Thank you in advance. And I hope this is also helpful for other people who are looking for jobs straight out of school.




If you still want to read the rant, here it is: 


Hi, I'm an INFP who is going to graduate from a fashion design design school. The degree is about equivalent to an Associate's, but my program is 2 years worth of stuff crammed into 1 year, so I haven't had much time to do many projects and a portfolio. I've previously graduated from college with a BA in Visual Arts and music minor. My college is liberal arts, and to be honest a pretty big name school, so I learned tons of humanities, social science, theoretical stuff, and even took several classes in Economics (didn't do too well, but credits are credits). I can speak 3 languages and have lived in 4 countries (in fact, where I'm going to school right now, I have to use my 2nd language). I've done a couple of 3-month internships, but in different fields. Never had part-time jobs, partly because of visa limitations, partly because I failed every manual labor interview I had ever been in. Gotta be honest, there are many people who have done much better in terms of experience. 

When people find out these things about me, they say that I have a lot of advantages and should have no problem finding a job and that I should have a variety of options available, but when I look at job postings, I have a difficulty trying to show that I'm smart and capable. I also read a lot of job application advice articles and ask advice from people I know, but I'm getting really confused because there are so many to keep track of, and several points of advice seem to contradict one another, so I don't know who to listen to. Plus a lot of these advice says that it's important to network. I do use LinkedIn, where I'm connected to many of my college classmates, a few professors, mentors, and older people. But to be honest, very few of them work in the fashion industry. My current classmates don't use/know LinkedIn, I guess just because it's a mostly English site, and the professional culture is quite a bit different here.

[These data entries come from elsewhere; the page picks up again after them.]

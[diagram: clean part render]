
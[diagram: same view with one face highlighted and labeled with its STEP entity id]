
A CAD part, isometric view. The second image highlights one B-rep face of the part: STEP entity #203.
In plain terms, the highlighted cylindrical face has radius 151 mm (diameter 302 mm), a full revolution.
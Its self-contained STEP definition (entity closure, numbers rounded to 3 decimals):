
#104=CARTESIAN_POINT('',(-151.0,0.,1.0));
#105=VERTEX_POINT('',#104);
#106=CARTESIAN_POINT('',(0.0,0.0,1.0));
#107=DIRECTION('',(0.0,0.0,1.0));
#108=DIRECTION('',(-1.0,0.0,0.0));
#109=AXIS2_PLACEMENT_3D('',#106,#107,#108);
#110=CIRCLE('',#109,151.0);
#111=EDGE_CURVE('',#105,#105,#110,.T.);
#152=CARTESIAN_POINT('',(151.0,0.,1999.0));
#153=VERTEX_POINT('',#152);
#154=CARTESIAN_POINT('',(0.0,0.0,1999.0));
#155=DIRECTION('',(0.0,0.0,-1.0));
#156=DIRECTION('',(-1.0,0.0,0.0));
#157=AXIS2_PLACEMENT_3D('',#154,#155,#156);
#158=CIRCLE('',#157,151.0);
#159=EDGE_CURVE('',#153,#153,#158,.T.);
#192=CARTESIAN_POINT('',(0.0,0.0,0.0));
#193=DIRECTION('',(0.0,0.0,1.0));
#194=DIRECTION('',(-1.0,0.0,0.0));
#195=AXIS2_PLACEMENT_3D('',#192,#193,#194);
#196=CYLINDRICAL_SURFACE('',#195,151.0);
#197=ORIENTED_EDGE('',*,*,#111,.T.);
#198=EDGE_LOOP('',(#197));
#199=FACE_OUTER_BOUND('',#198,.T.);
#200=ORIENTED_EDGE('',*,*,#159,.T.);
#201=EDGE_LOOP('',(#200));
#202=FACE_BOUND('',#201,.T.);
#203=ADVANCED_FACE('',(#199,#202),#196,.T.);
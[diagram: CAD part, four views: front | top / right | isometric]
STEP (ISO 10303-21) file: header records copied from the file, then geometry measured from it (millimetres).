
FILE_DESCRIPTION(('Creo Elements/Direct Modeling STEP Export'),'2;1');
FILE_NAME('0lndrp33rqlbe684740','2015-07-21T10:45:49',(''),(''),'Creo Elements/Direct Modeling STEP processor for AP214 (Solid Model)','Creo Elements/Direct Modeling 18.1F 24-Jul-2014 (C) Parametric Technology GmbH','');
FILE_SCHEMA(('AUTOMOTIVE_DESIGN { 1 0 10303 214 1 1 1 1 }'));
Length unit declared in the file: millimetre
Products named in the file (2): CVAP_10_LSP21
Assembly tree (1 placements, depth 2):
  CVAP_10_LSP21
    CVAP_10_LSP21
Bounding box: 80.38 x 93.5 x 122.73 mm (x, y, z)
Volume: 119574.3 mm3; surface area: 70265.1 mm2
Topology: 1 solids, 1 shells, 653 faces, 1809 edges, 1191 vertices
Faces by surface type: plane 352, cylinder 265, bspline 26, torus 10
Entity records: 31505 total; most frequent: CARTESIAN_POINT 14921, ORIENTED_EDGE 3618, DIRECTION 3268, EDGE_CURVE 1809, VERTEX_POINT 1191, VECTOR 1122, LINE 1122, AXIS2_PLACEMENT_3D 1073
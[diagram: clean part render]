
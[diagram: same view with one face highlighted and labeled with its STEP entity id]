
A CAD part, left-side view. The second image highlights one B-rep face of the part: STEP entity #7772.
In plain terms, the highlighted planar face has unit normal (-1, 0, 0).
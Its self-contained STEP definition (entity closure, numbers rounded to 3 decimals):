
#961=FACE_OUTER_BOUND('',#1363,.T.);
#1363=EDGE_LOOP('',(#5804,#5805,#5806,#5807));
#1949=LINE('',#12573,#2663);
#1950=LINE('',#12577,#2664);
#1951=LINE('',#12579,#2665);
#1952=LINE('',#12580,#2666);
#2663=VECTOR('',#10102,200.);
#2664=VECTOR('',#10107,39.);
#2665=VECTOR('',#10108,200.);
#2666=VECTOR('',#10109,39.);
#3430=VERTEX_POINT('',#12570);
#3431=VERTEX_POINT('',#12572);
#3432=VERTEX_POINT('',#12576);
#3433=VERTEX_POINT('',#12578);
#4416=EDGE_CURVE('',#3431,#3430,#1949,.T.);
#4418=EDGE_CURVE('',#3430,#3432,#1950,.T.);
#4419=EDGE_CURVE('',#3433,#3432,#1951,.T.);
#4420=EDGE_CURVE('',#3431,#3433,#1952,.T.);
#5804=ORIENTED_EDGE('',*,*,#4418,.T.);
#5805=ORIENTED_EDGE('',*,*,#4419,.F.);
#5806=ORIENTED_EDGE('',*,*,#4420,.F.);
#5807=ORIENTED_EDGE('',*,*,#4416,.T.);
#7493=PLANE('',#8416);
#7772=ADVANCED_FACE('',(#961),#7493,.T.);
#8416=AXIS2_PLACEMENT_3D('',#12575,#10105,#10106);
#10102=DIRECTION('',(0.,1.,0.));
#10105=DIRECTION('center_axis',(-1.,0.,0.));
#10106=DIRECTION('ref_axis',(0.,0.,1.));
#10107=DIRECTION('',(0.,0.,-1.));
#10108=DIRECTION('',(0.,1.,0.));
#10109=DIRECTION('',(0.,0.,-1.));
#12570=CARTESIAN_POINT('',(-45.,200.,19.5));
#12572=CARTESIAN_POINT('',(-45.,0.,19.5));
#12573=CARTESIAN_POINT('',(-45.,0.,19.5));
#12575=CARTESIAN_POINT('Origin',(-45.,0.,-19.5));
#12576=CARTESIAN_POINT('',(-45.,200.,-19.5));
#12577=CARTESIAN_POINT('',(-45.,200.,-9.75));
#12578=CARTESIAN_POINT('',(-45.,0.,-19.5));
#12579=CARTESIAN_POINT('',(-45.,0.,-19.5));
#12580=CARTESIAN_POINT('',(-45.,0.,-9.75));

I guess when I look at other students' portfolios (sure, they're 2nd, 3rd, 4th years), I identify and take notes of what make them good. Basically learn from them and try to do those things myself. But I am overwhelmed by the amount of work that I still need to do to make my portfolio presentable, and I can't shut down the fear that maybe I'm not good enough to compete with other candidates, and I'm going to be one of those "leftover" design graduates. Knowing that there aren't many design positions available, I'm open to applying to any job that I can possibly qualify for (I'm not picky about jobs, fashion or design isn't even my real passion, although I am an enthusiast). But a lot of those positions list "qualifications" that you I can't strongly prove, exactly because they're too easy to bulls**t about, and I haven't had much job experiences to back them up. I've tried applying to a few of those more random positions, because they don't require portfolio. I haven't heard back from them, probably because I applied to so few anyway, and a lot of those companies are, well, famous. But I can't apply for part-time positions, and probably also not for very small companies either, because I need a work visa. I'm open to internships, but preferably stipend/paid, and long term (6 months to 1 year). I guess just the fact that the circumstances are limiting puts on some more pressure into the whole thing.


----------



## AriesLilith (Jan 6, 2013)

I'm a programmer so I'm not familiar with your field, therefore my advices might need some tweaks to apply to your case.

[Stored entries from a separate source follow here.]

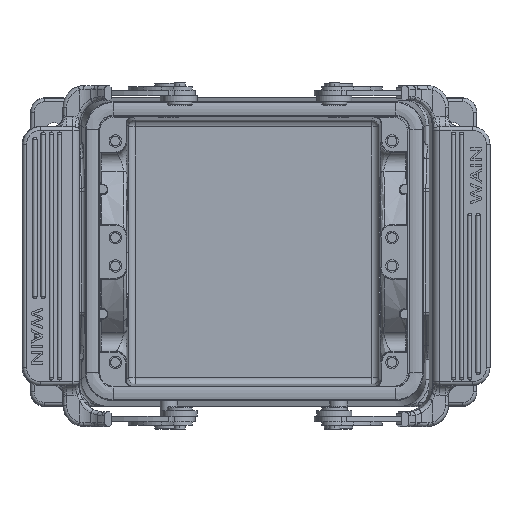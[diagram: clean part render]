
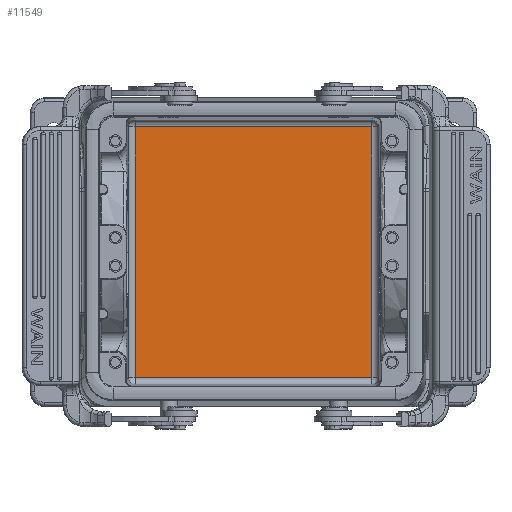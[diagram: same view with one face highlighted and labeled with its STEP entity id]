
A CAD part, top view. The second image highlights one B-rep face of the part: STEP entity #11549.
In plain terms, the highlighted planar face has unit normal (0, 0, 1).
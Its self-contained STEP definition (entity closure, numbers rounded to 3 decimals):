
#9786=FACE_OUTER_BOUND('',#20324,.T.);
#11549=ADVANCED_FACE('',(#9786),#13200,.T.);
#13200=PLANE('',#41169);
#15948=LINE('',#55813,#18011);
#15951=LINE('',#55824,#18014);
#15954=LINE('',#55841,#18017);
#15956=LINE('',#55847,#18019);
#18011=VECTOR('',#44800,1.);
#18014=VECTOR('',#44813,1.);
#18017=VECTOR('',#44826,1.);
#18019=VECTOR('',#44832,1.);
#20324=EDGE_LOOP('',(#23460,#23461,#23462,#23463));
#23460=ORIENTED_EDGE('',*,*,#35659,.T.);
#23461=ORIENTED_EDGE('',*,*,#35653,.T.);
#23462=ORIENTED_EDGE('',*,*,#35668,.T.);
#23463=ORIENTED_EDGE('',*,*,#35665,.T.);
#32261=VERTEX_POINT('',#55810);
#32262=VERTEX_POINT('',#55814);
#32263=VERTEX_POINT('',#55821);
#32268=VERTEX_POINT('',#55842);
#35653=EDGE_CURVE('',#32262,#32261,#15948,.T.);
#35659=EDGE_CURVE('',#32263,#32262,#15951,.T.);
#35665=EDGE_CURVE('',#32268,#32263,#15954,.T.);
#35668=EDGE_CURVE('',#32261,#32268,#15956,.T.);
#41169=AXIS2_PLACEMENT_3D('',#55848,#44833,#44834);
#44800=DIRECTION('',(1.,0.,0.));
#44813=DIRECTION('',(0.,-1.,0.));
#44826=DIRECTION('',(-1.,0.,0.));
#44832=DIRECTION('',(0.,1.,0.));
#44833=DIRECTION('',(0.,0.,1.));
#44834=DIRECTION('',(1.,0.,0.));
#55810=CARTESIAN_POINT('',(95.629,10.511,-82.7));
#55813=CARTESIAN_POINT('',(29.371,10.511,-82.7));
#55814=CARTESIAN_POINT('',(29.371,10.511,-82.7));
#55821=CARTESIAN_POINT('',(29.371,80.667,-82.7));
#55824=CARTESIAN_POINT('',(29.371,80.667,-82.7));
#55841=CARTESIAN_POINT('',(95.629,80.667,-82.7));
#55842=CARTESIAN_POINT('',(95.629,80.667,-82.7));
#55847=CARTESIAN_POINT('',(95.629,10.511,-82.7));
#55848=CARTESIAN_POINT('',(62.5,45.589,-82.7));
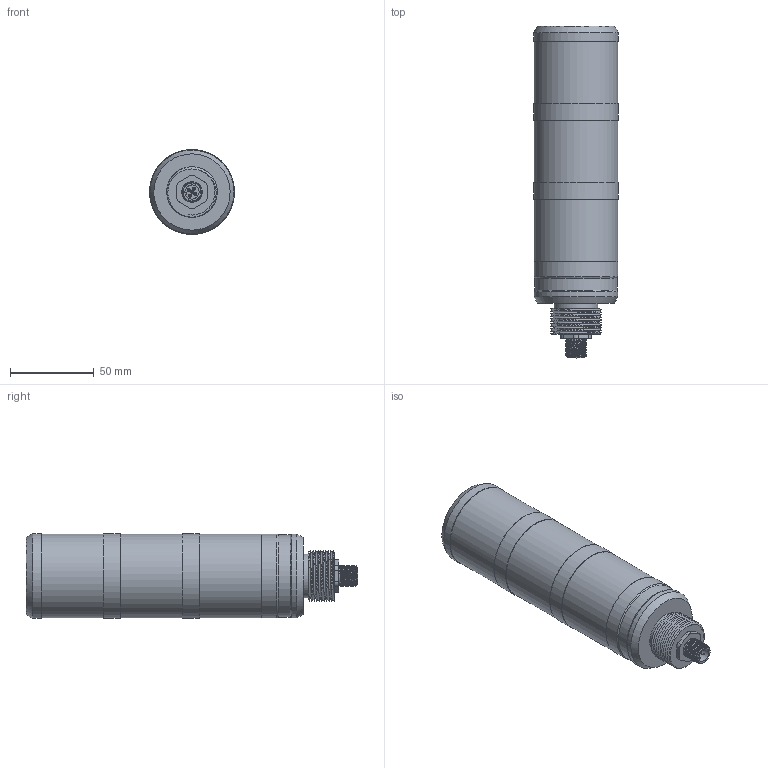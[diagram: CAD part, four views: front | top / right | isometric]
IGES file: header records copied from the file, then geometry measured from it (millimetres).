
Global section: file name: SBT-F-GYR-R50-3S-B5; native system: Autodesk Inventor 2021; preprocessor: unknown; author: S. Sandt; organization: di-soric GmbH & Co. KG; date: 20220120.083406; units: millimetre
Bounding box: 50.57 x 197.6 x 50.57 mm (x, y, z)
Volume: 117467.4 mm3; surface area: 73108.7 mm2
Topology: 15 solids, 15 shells, 142 faces, 347 edges, 258 vertices
Faces by surface type: bspline 142

Do you have any online communities that can ask local or people of other countries about how they apply, and create their portfolio? Also, what stands out in their profile that makes you say that they are much better?

If you are from design and fashion, perhaps an online portfolio/website can be nice. There are free online tools to build some nice looking websites, try to find one to make an online profile. 

You are from a very visual field, so your image matters a lot. Aside of a website, make sure your CV looks interesting, as well as your LinkedIn profile. Make sure your CV is creative, and also try to know if other people often submits their CV in some traditional format or more creative formats. Also try to know if a company accepts the more creative templates.

Perhaps even when you submit your CV, try to figure out some more creative ways. Do professionals in your field send your CV by e-mail? Are there letters of motivation?

Make sure your CV is focused on what you think each job ad is looking for. This means having to alter your CV in accordance to the ad, for each ad, which can be troublesome but can be worth the time.

Also, dedicate to build your portfolio, it can be very important and you don't want to miss out great opportunities for not having one.

And yeah, send your CV to many companies! Big or small, companies might take time specially if they are not in crazy need of people. And then big companies might be receiving many CVs that they might easily skip some accidentally. And then you might want to know more opportunities before finally accepting one.

Dedicate time to tailor the image you want to give - your brand - and make sure to highlight the traits that each ad might be looking for. Then dedicate time to prepare yourslf for interview too.


----------



## TurtleQueen (Nov 8, 2014)

I'm going to provide a link to the AskAManager website. She represents the point of view of a typical hiring manager for a business in the U.S., so her advice may not be as helpful for you as it was for me. A lot of job advice can be very counterproductive and outdated, and she can help correct that imbalance. Once I made some changes to my applications based on her tips (writing a cover letter that was not stiff and formal and showing my _accomplishments_ on my résumé instead of my job duties), I got more positive responses from employers.

I'm not very good at networking, but it's important to consider if the people you know have any "leverage" inside your field. Attending industry events or joining some professional organization could be a way to help you build your list of contacts and increase people's awareness of who you are and what you can do.

It's definitely good to tailor your applications based on what the employer wants. If a particular firm designs casual sportswear, you might showcase different pieces from your portfolio than you would for a company that focuses on evening wear. That previous example may have seemed insultingly obvious, but it's important to try to learn as much as you can about an employer that could help you customize your application in a way that will make your job hunt more successful.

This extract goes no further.